Is traditional advertising really dead?
It is quite telling that finding an email or social media username that is not already taken is our children’s biggest challenge.
But what is more significant though, is that the internet has become the leading medium of content consumption. This trend is leading a big shift in how people consume information.
So much so, that broadband was in 2014 voted the 'the top engineering innovation of the decade,’ in a public survey conducted by the UK Institution of Engineering and Technology, beating smartphones and satellite navigation.
This cemented the opinions of many who theorise that the internet has tripled the importance of the computer, with good reason. For instance, over 70% of the 37.7 million internet users in Kenya access the internet via a mobile device and are spending twice or three times longer online than on TV.
This has created a progressively complex scenario where brands are frantically trying to reach an increasingly mobile audience in a world that is more connected than ever.
As a result, some experts have argued that the long-term viability of traditional advertising is questionable. Many are convinced that normal traditional adverts will be forced to shift to digital formats because of how the internet is morphing everything. But is this true? Is it the right hypothesis? Are we even asking the right question?
Traditional versus digital
The Digital versus Traditional debate that has been raging for the past five years is surely the wrong one. The question should be: ‘how do we better engage audiences today so that they are compelled to buy, listen and change behaviour?’

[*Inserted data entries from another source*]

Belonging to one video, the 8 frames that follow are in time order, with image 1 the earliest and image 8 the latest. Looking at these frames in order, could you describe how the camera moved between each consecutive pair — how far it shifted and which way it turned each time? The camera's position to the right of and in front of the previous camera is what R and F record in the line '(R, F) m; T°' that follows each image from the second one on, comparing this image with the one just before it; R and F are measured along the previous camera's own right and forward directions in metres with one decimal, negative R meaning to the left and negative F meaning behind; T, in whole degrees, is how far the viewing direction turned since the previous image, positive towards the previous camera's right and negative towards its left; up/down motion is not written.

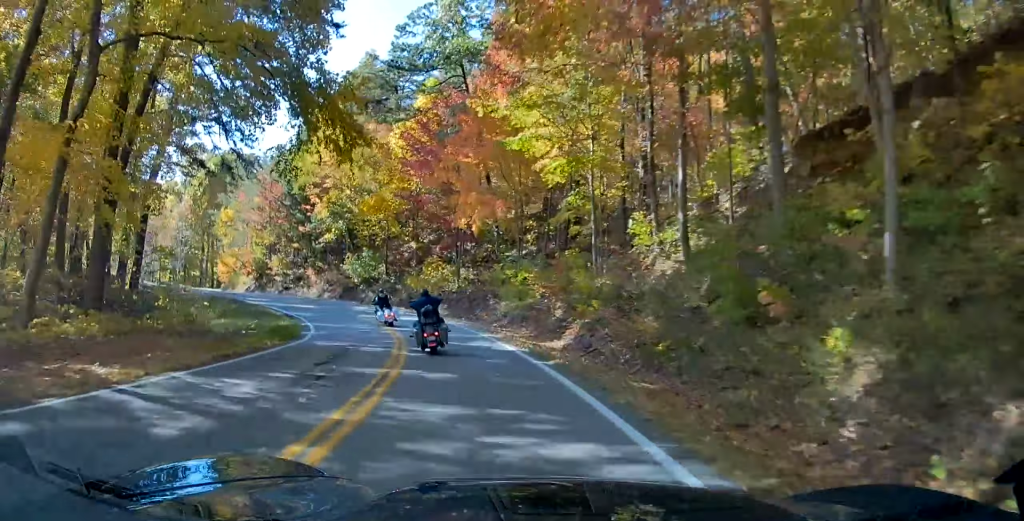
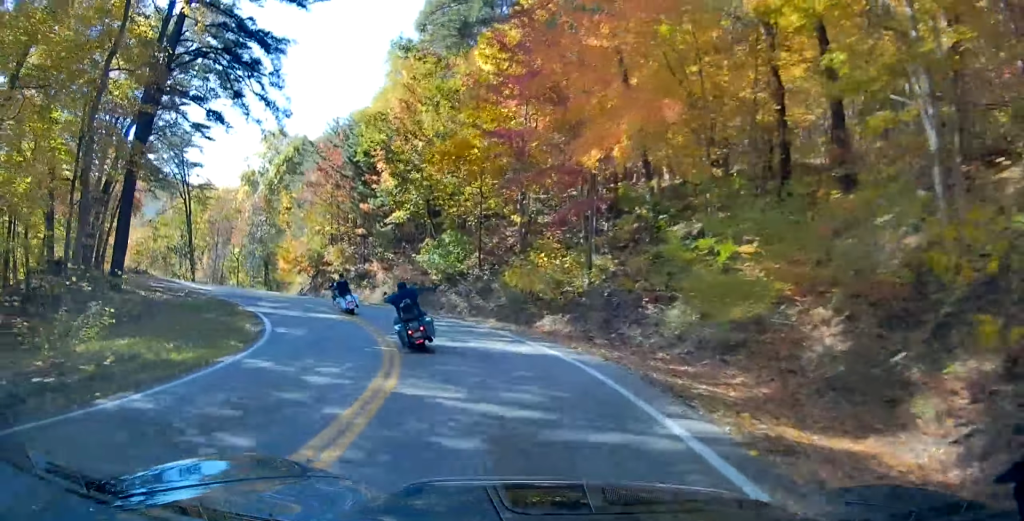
(-1.8, +16.2) m; -13°
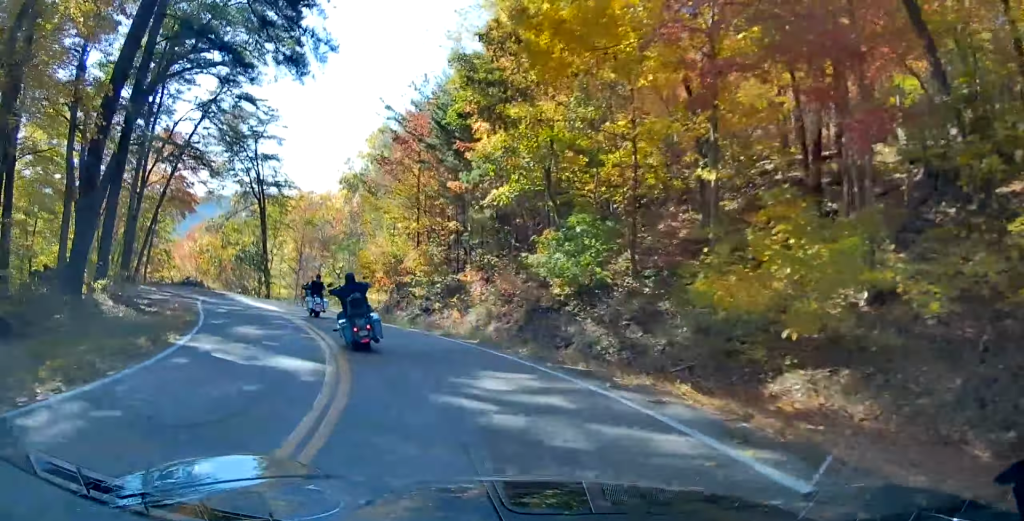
(-1.5, +13.4) m; -14°
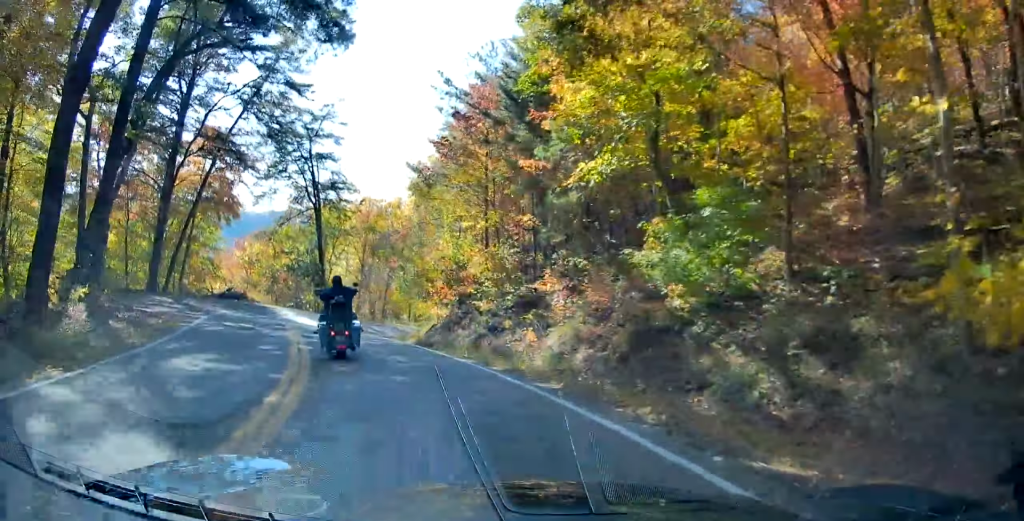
(0.0, +6.5) m; -7°
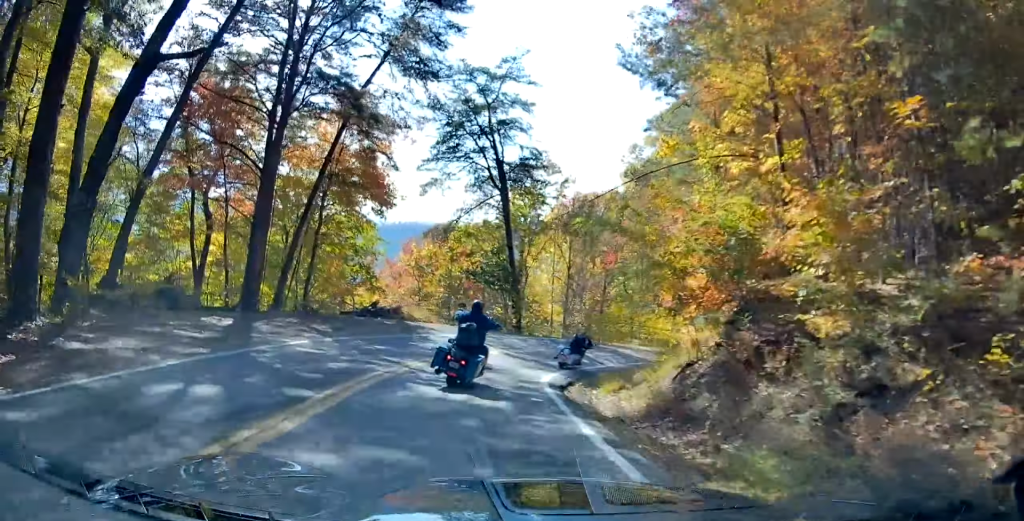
(-1.9, +13.8) m; -12°
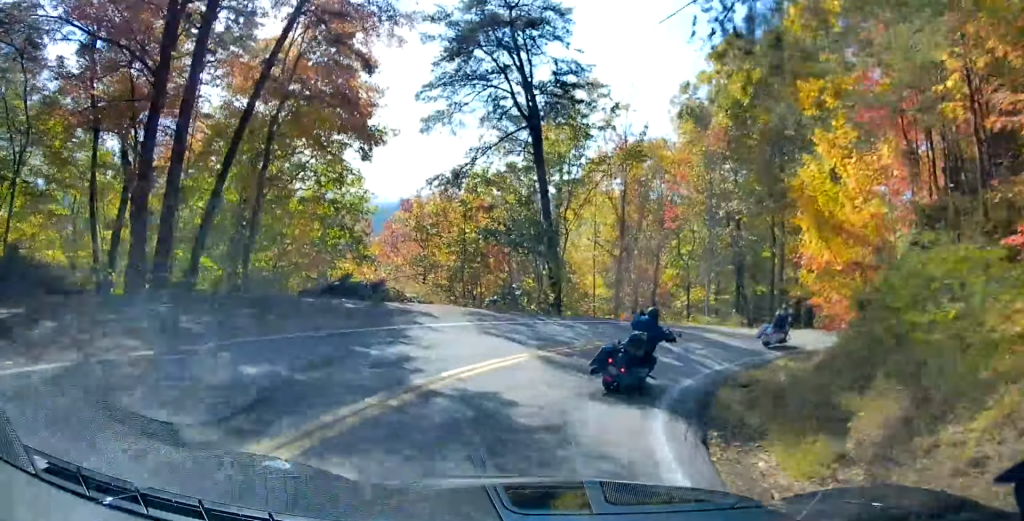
(-0.9, +11.1) m; -2°
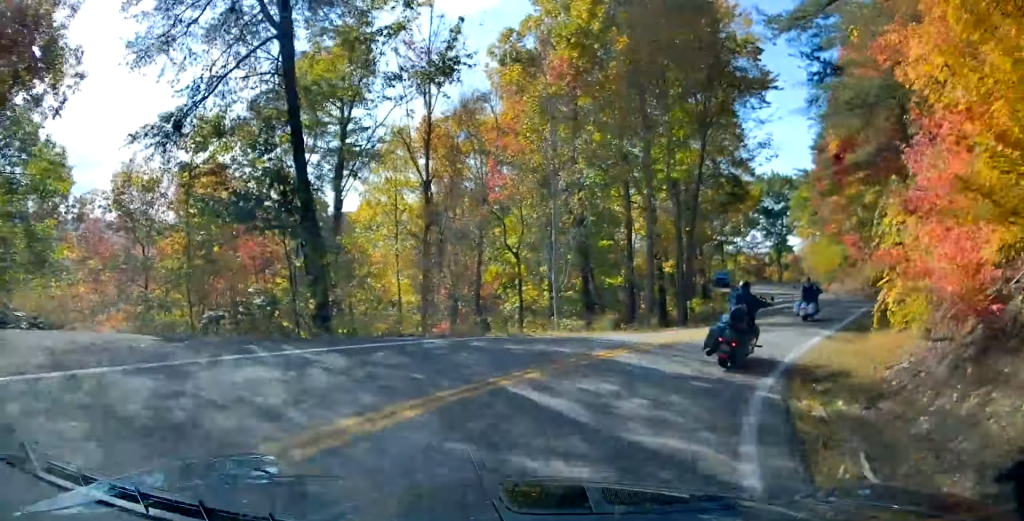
(+0.4, +11.8) m; +9°
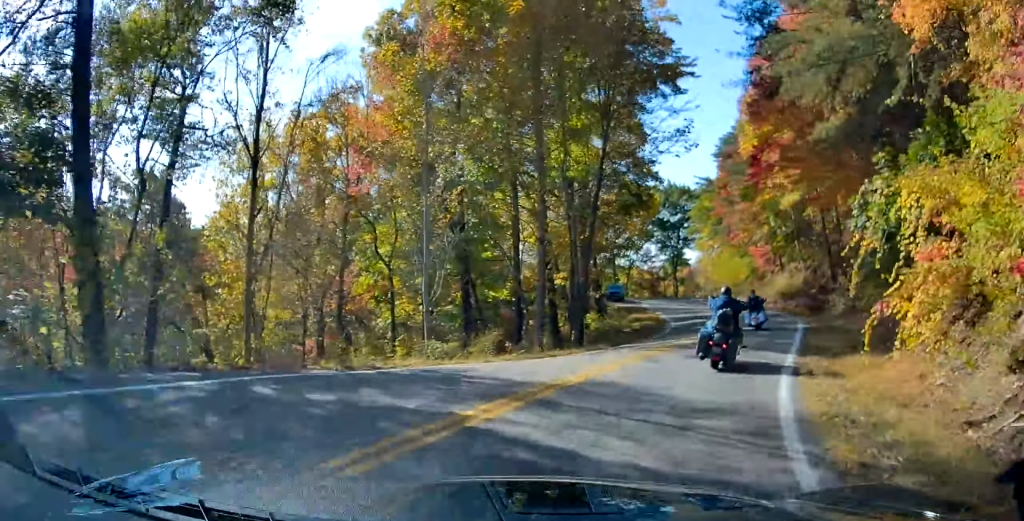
(+0.6, +5.3) m; +7°

Brands and publishers need to critically understand the ever changing consumer behaviour in this interconnected world and work on the message, not the medium. For instance, a recent study by print and marketing services provider Quad/Graphic revealed that although millennials are more influenced by digital ads, they pay more attention to traditional ones, which creates an even more complex situation for us in the communication world.
The debate has been fuelled, rightly so, by the growing population of millennials who are digitally super savvy with peculiar information consumption habits. For this reason, proponents of digital advertising have barraged the sector with the notion that traditional advertising spending is ill-informed and wasteful.
However, in the next five to 10 years, it won’t matter who is advertising where, whether targeting millennials or any other group. TV commercials may for the better part disappear because our millennials won’t be watching them. Why? Because they'll either be downloading, streaming, YouTubing or Instagram-ing and advertisements won't be a part of this experience.
‘Share of conversation’
So what will be the solution? What will brands and publishers need to do differently? The answer lies in engaging audiences in conversations, telling stories! Brands must shift from playing the ‘share of market’ game to playing the ‘share of conversation’ game. This entails adopting a conversational form of advertising that incorporates compelling storytelling to provide meaningful engagement that goes beyond selling media.
But how does a brand achieve this?
Millennials are “multitasking” users, comfortable consuming news and information from several sources simultaneously. The never ending variety of information they can access online and offline is a sort of buffet from which they choose according to their desire and interest. Given the product parity of the 21st Century, you can’t really have a better product, but you can have a better story and the key is telling a story that people want to share and listen to over and over again.
So the answer is simple. Share a story, make your customers the lead cast in this story and reward them for their participation.
The top 10 most shared adverts on social media have been collectively shared 30 million times and viewed 1 billion times just because consumers wanted to listen to the stories told in these adverts over and over again. Whether traditional or digital, if it doesn’t tell a story, the millennial with an eight second or less attention span may just miss your advert.
So is traditional advertising really dead? Maybe it is just evolving.